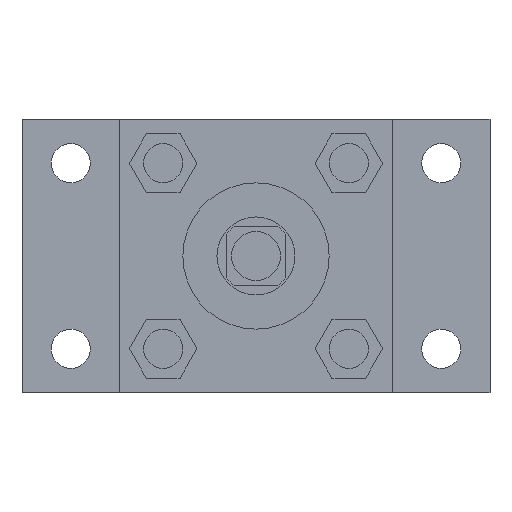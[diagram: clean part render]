
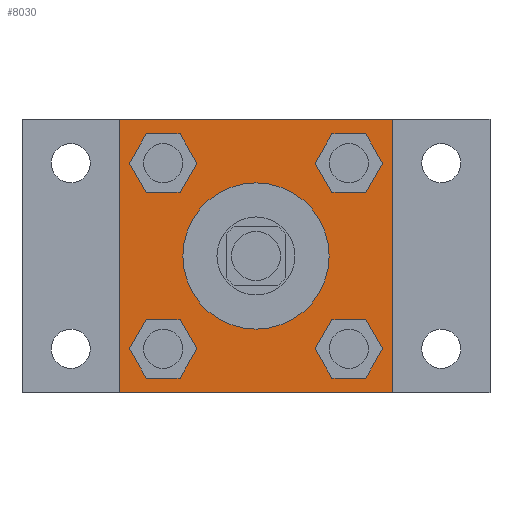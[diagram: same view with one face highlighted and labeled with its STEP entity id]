
A CAD part, front view. The second image highlights one B-rep face of the part: STEP entity #8030.
In plain terms, the highlighted face is planar.
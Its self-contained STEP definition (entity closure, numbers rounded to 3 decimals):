
#424=EDGE_CURVE('',#430,#430,#425,.T.);
#425=CIRCLE('',#426,11.906);
#426=AXIS2_PLACEMENT_3D('',#427,#428,#429);
#427=CARTESIAN_POINT('',(0.,15.875,0.));
#428=DIRECTION('',(0.,1.,0.));
#429=DIRECTION('',(1.,0.,0.));
#430=VERTEX_POINT('',#431);
#431=CARTESIAN_POINT('',(11.906,15.875,0.));
#562=VERTEX_POINT('',#563);
#563=CARTESIAN_POINT('',(22.225,15.875,-22.225));
#564=EDGE_CURVE('',#569,#562,#565,.T.);
#565=LINE('',#566,#567);
#566=CARTESIAN_POINT('',(-22.225,15.875,-22.225));
#567=VECTOR('',#568,1.);
#568=DIRECTION('',(1.,0.,0.));
#569=VERTEX_POINT('',#570);
#570=CARTESIAN_POINT('',(-22.225,15.875,-22.225));
#603=VERTEX_POINT('',#604);
#604=CARTESIAN_POINT('',(-22.225,15.875,22.225));
#605=EDGE_CURVE('',#610,#603,#606,.T.);
#606=LINE('',#607,#608);
#607=CARTESIAN_POINT('',(22.225,15.875,22.225));
#608=VECTOR('',#609,1.);
#609=DIRECTION('',(-1.,0.,0.));
#610=VERTEX_POINT('',#611);
#611=CARTESIAN_POINT('',(22.225,15.875,22.225));
#639=EDGE_CURVE('',#603,#569,#640,.T.);
#640=LINE('',#641,#642);
#641=CARTESIAN_POINT('',(-22.225,15.875,22.225));
#642=VECTOR('',#643,1.);
#643=DIRECTION('',(0.,0.,-1.));
#666=EDGE_CURVE('',#562,#610,#667,.T.);
#667=LINE('',#668,#669);
#668=CARTESIAN_POINT('',(22.225,15.875,-22.225));
#669=VECTOR('',#670,1.);
#670=DIRECTION('',(0.,0.,1.));
#793=FACE_OUTER_BOUND('',#799,.T.);
#794=FACE_BOUND('',#800,.T.);
#795=FACE_BOUND('',#801,.T.);
#796=FACE_BOUND('',#802,.T.);
#797=FACE_BOUND('',#803,.T.);
#798=FACE_BOUND('',#804,.T.);
#799=EDGE_LOOP('',(#805,#806,#807,#808,#809,#810));
#800=EDGE_LOOP('',(#853,#854,#855,#856,#857,#858));
#801=EDGE_LOOP('',(#901,#902,#903,#904));
#802=EDGE_LOOP('',(#905));
#803=EDGE_LOOP('',(#914,#915,#916,#917,#918,#919));
#804=EDGE_LOOP('',(#962,#963,#964,#965,#966,#967));
#805=ORIENTED_EDGE('',*,*,#811,.F.);
#806=ORIENTED_EDGE('',*,*,#820,.F.);
#807=ORIENTED_EDGE('',*,*,#827,.F.);
#808=ORIENTED_EDGE('',*,*,#834,.F.);
#809=ORIENTED_EDGE('',*,*,#841,.F.);
#810=ORIENTED_EDGE('',*,*,#848,.F.);
#811=EDGE_CURVE('',#816,#817,#812,.T.);
#812=LINE('',#813,#814);
#813=CARTESIAN_POINT('',(-20.612,15.875,-15.113));
#814=VECTOR('',#815,1.);
#815=DIRECTION('',(0.5,0.,-0.866));
#816=VERTEX_POINT('',#818);
#817=VERTEX_POINT('',#819);
#818=CARTESIAN_POINT('',(-20.612,15.875,-15.113));
#819=CARTESIAN_POINT('',(-17.863,15.875,-19.875));
#820=EDGE_CURVE('',#825,#816,#821,.T.);
#821=LINE('',#822,#823);
#822=CARTESIAN_POINT('',(-17.863,15.875,-10.351));
#823=VECTOR('',#824,1.);
#824=DIRECTION('',(-0.5,0.,-0.866));
#825=VERTEX_POINT('',#826);
#826=CARTESIAN_POINT('',(-17.863,15.875,-10.351));
#827=EDGE_CURVE('',#832,#825,#828,.T.);
#828=LINE('',#829,#830);
#829=CARTESIAN_POINT('',(-12.363,15.875,-10.351));
#830=VECTOR('',#831,1.);
#831=DIRECTION('',(-1.,0.,0.));
#832=VERTEX_POINT('',#833);
#833=CARTESIAN_POINT('',(-12.363,15.875,-10.351));
#834=EDGE_CURVE('',#839,#832,#835,.T.);
#835=LINE('',#836,#837);
#836=CARTESIAN_POINT('',(-9.614,15.875,-15.113));
#837=VECTOR('',#838,1.);
#838=DIRECTION('',(-0.5,0.,0.866));
#839=VERTEX_POINT('',#840);
#840=CARTESIAN_POINT('',(-9.614,15.875,-15.113));
#841=EDGE_CURVE('',#846,#839,#842,.T.);
#842=LINE('',#843,#844);
#843=CARTESIAN_POINT('',(-12.363,15.875,-19.875));
#844=VECTOR('',#845,1.);
#845=DIRECTION('',(0.5,0.,0.866));
#846=VERTEX_POINT('',#847);
#847=CARTESIAN_POINT('',(-12.363,15.875,-19.875));
#848=EDGE_CURVE('',#817,#846,#849,.T.);
#849=LINE('',#850,#851);
#850=CARTESIAN_POINT('',(-17.863,15.875,-19.875));
#851=VECTOR('',#852,1.);
#852=DIRECTION('',(1.,0.,0.));
#853=ORIENTED_EDGE('',*,*,#859,.F.);
#854=ORIENTED_EDGE('',*,*,#868,.F.);
#855=ORIENTED_EDGE('',*,*,#875,.F.);
#856=ORIENTED_EDGE('',*,*,#882,.F.);
#857=ORIENTED_EDGE('',*,*,#889,.F.);
#858=ORIENTED_EDGE('',*,*,#896,.F.);
#859=EDGE_CURVE('',#864,#865,#860,.T.);
#860=LINE('',#861,#862);
#861=CARTESIAN_POINT('',(-20.612,15.875,15.113));
#862=VECTOR('',#863,1.);
#863=DIRECTION('',(0.5,0.,-0.866));
#864=VERTEX_POINT('',#866);
#865=VERTEX_POINT('',#867);
#866=CARTESIAN_POINT('',(-20.612,15.875,15.113));
#867=CARTESIAN_POINT('',(-17.863,15.875,10.351));
#868=EDGE_CURVE('',#873,#864,#869,.T.);
#869=LINE('',#870,#871);
#870=CARTESIAN_POINT('',(-17.863,15.875,19.875));
#871=VECTOR('',#872,1.);
#872=DIRECTION('',(-0.5,0.,-0.866));
#873=VERTEX_POINT('',#874);
#874=CARTESIAN_POINT('',(-17.863,15.875,19.875));
#875=EDGE_CURVE('',#880,#873,#876,.T.);
#876=LINE('',#877,#878);
#877=CARTESIAN_POINT('',(-12.363,15.875,19.875));
#878=VECTOR('',#879,1.);
#879=DIRECTION('',(-1.,0.,0.));
#880=VERTEX_POINT('',#881);
#881=CARTESIAN_POINT('',(-12.363,15.875,19.875));
#882=EDGE_CURVE('',#887,#880,#883,.T.);
#883=LINE('',#884,#885);
#884=CARTESIAN_POINT('',(-9.614,15.875,15.113));
#885=VECTOR('',#886,1.);
#886=DIRECTION('',(-0.5,0.,0.866));
#887=VERTEX_POINT('',#888);
#888=CARTESIAN_POINT('',(-9.614,15.875,15.113));
#889=EDGE_CURVE('',#894,#887,#890,.T.);
#890=LINE('',#891,#892);
#891=CARTESIAN_POINT('',(-12.363,15.875,10.351));
#892=VECTOR('',#893,1.);
#893=DIRECTION('',(0.5,0.,0.866));
#894=VERTEX_POINT('',#895);
#895=CARTESIAN_POINT('',(-12.363,15.875,10.351));
#896=EDGE_CURVE('',#865,#894,#897,.T.);
#897=LINE('',#898,#899);
#898=CARTESIAN_POINT('',(-17.863,15.875,10.351));
#899=VECTOR('',#900,1.);
#900=DIRECTION('',(1.,0.,0.));
#901=ORIENTED_EDGE('',*,*,#639,.T.);
#902=ORIENTED_EDGE('',*,*,#564,.T.);
#903=ORIENTED_EDGE('',*,*,#666,.T.);
#904=ORIENTED_EDGE('',*,*,#605,.T.);
#905=ORIENTED_EDGE('',*,*,#424,.F.);
#914=ORIENTED_EDGE('',*,*,#920,.F.);
#915=ORIENTED_EDGE('',*,*,#929,.F.);
#916=ORIENTED_EDGE('',*,*,#936,.F.);
#917=ORIENTED_EDGE('',*,*,#943,.F.);
#918=ORIENTED_EDGE('',*,*,#950,.F.);
#919=ORIENTED_EDGE('',*,*,#957,.F.);
#920=EDGE_CURVE('',#925,#926,#921,.T.);
#921=LINE('',#922,#923);
#922=CARTESIAN_POINT('',(9.614,15.875,-15.113));
#923=VECTOR('',#924,1.);
#924=DIRECTION('',(0.5,0.,-0.866));
#925=VERTEX_POINT('',#927);
#926=VERTEX_POINT('',#928);
#927=CARTESIAN_POINT('',(9.614,15.875,-15.113));
#928=CARTESIAN_POINT('',(12.363,15.875,-19.875));
#929=EDGE_CURVE('',#934,#925,#930,.T.);
#930=LINE('',#931,#932);
#931=CARTESIAN_POINT('',(12.363,15.875,-10.351));
#932=VECTOR('',#933,1.);
#933=DIRECTION('',(-0.5,0.,-0.866));
#934=VERTEX_POINT('',#935);
#935=CARTESIAN_POINT('',(12.363,15.875,-10.351));
#936=EDGE_CURVE('',#941,#934,#937,.T.);
#937=LINE('',#938,#939);
#938=CARTESIAN_POINT('',(17.863,15.875,-10.351));
#939=VECTOR('',#940,1.);
#940=DIRECTION('',(-1.,0.,0.));
#941=VERTEX_POINT('',#942);
#942=CARTESIAN_POINT('',(17.863,15.875,-10.351));
#943=EDGE_CURVE('',#948,#941,#944,.T.);
#944=LINE('',#945,#946);
#945=CARTESIAN_POINT('',(20.612,15.875,-15.113));
#946=VECTOR('',#947,1.);
#947=DIRECTION('',(-0.5,0.,0.866));
#948=VERTEX_POINT('',#949);
#949=CARTESIAN_POINT('',(20.612,15.875,-15.113));
#950=EDGE_CURVE('',#955,#948,#951,.T.);
#951=LINE('',#952,#953);
#952=CARTESIAN_POINT('',(17.863,15.875,-19.875));
#953=VECTOR('',#954,1.);
#954=DIRECTION('',(0.5,0.,0.866));
#955=VERTEX_POINT('',#956);
#956=CARTESIAN_POINT('',(17.863,15.875,-19.875));
#957=EDGE_CURVE('',#926,#955,#958,.T.);
#958=LINE('',#959,#960);
#959=CARTESIAN_POINT('',(12.363,15.875,-19.875));
#960=VECTOR('',#961,1.);
#961=DIRECTION('',(1.,0.,0.));
#962=ORIENTED_EDGE('',*,*,#968,.F.);
#963=ORIENTED_EDGE('',*,*,#977,.F.);
#964=ORIENTED_EDGE('',*,*,#984,.F.);
#965=ORIENTED_EDGE('',*,*,#991,.F.);
#966=ORIENTED_EDGE('',*,*,#998,.F.);
#967=ORIENTED_EDGE('',*,*,#1005,.F.);
#968=EDGE_CURVE('',#973,#974,#969,.T.);
#969=LINE('',#970,#971);
#970=CARTESIAN_POINT('',(9.614,15.875,15.113));
#971=VECTOR('',#972,1.);
#972=DIRECTION('',(0.5,0.,-0.866));
#973=VERTEX_POINT('',#975);
#974=VERTEX_POINT('',#976);
#975=CARTESIAN_POINT('',(9.614,15.875,15.113));
#976=CARTESIAN_POINT('',(12.363,15.875,10.351));
#977=EDGE_CURVE('',#982,#973,#978,.T.);
#978=LINE('',#979,#980);
#979=CARTESIAN_POINT('',(12.363,15.875,19.875));
#980=VECTOR('',#981,1.);
#981=DIRECTION('',(-0.5,0.,-0.866));
#982=VERTEX_POINT('',#983);
#983=CARTESIAN_POINT('',(12.363,15.875,19.875));
#984=EDGE_CURVE('',#989,#982,#985,.T.);
#985=LINE('',#986,#987);
#986=CARTESIAN_POINT('',(17.863,15.875,19.875));
#987=VECTOR('',#988,1.);
#988=DIRECTION('',(-1.,0.,0.));
#989=VERTEX_POINT('',#990);
#990=CARTESIAN_POINT('',(17.863,15.875,19.875));
#991=EDGE_CURVE('',#996,#989,#992,.T.);
#992=LINE('',#993,#994);
#993=CARTESIAN_POINT('',(20.612,15.875,15.113));
#994=VECTOR('',#995,1.);
#995=DIRECTION('',(-0.5,0.,0.866));
#996=VERTEX_POINT('',#997);
#997=CARTESIAN_POINT('',(20.612,15.875,15.113));
#998=EDGE_CURVE('',#1003,#996,#999,.T.);
#999=LINE('',#1000,#1001);
#1000=CARTESIAN_POINT('',(17.863,15.875,10.351));
#1001=VECTOR('',#1002,1.);
#1002=DIRECTION('',(0.5,0.,0.866));
#1003=VERTEX_POINT('',#1004);
#1004=CARTESIAN_POINT('',(17.863,15.875,10.351));
#1005=EDGE_CURVE('',#974,#1003,#1006,.T.);
#1006=LINE('',#1007,#1008);
#1007=CARTESIAN_POINT('',(12.363,15.875,10.351));
#1008=VECTOR('',#1009,1.);
#1009=DIRECTION('',(1.,0.,0.));
#1010=PLANE('',#1011);
#1011=AXIS2_PLACEMENT_3D('',#1012,#1013,#1014);
#1012=CARTESIAN_POINT('',(-22.225,15.875,22.225));
#1013=DIRECTION('',(0.,1.,0.));
#1014=DIRECTION('',(0.,0.,1.));
#8030=ADVANCED_FACE('',(#793,#794,#795,#796,#797,#798),#1010,.F.);

------------

• **EXERCISE REQUIREMENTS**: Of all the entries above, retype exactly the lines from the line with "#669=VECTOR('',#670,1.);" to the line with "#817=VERTEX_POINT('',#819);", both included, and no others.

• **EXPECTED OUTPUT**:
#669=VECTOR('',#670,1.);
#670=DIRECTION('',(0.,0.,1.));
#793=FACE_OUTER_BOUND('',#799,.T.);
#794=FACE_BOUND('',#800,.T.);
#795=FACE_BOUND('',#801,.T.);
#796=FACE_BOUND('',#802,.T.);
#797=FACE_BOUND('',#803,.T.);
#798=FACE_BOUND('',#804,.T.);
#799=EDGE_LOOP('',(#805,#806,#807,#808,#809,#810));
#800=EDGE_LOOP('',(#853,#854,#855,#856,#857,#858));
#801=EDGE_LOOP('',(#901,#902,#903,#904));
#802=EDGE_LOOP('',(#905));
#803=EDGE_LOOP('',(#914,#915,#916,#917,#918,#919));
#804=EDGE_LOOP('',(#962,#963,#964,#965,#966,#967));
#805=ORIENTED_EDGE('',*,*,#811,.F.);
#806=ORIENTED_EDGE('',*,*,#820,.F.);
#807=ORIENTED_EDGE('',*,*,#827,.F.);
#808=ORIENTED_EDGE('',*,*,#834,.F.);
#809=ORIENTED_EDGE('',*,*,#841,.F.);
#810=ORIENTED_EDGE('',*,*,#848,.F.);
#811=EDGE_CURVE('',#816,#817,#812,.T.);
#812=LINE('',#813,#814);
#813=CARTESIAN_POINT('',(-20.612,15.875,-15.113));
#814=VECTOR('',#815,1.);
#815=DIRECTION('',(0.5,0.,-0.866));
#816=VERTEX_POINT('',#818);
#817=VERTEX_POINT('',#819);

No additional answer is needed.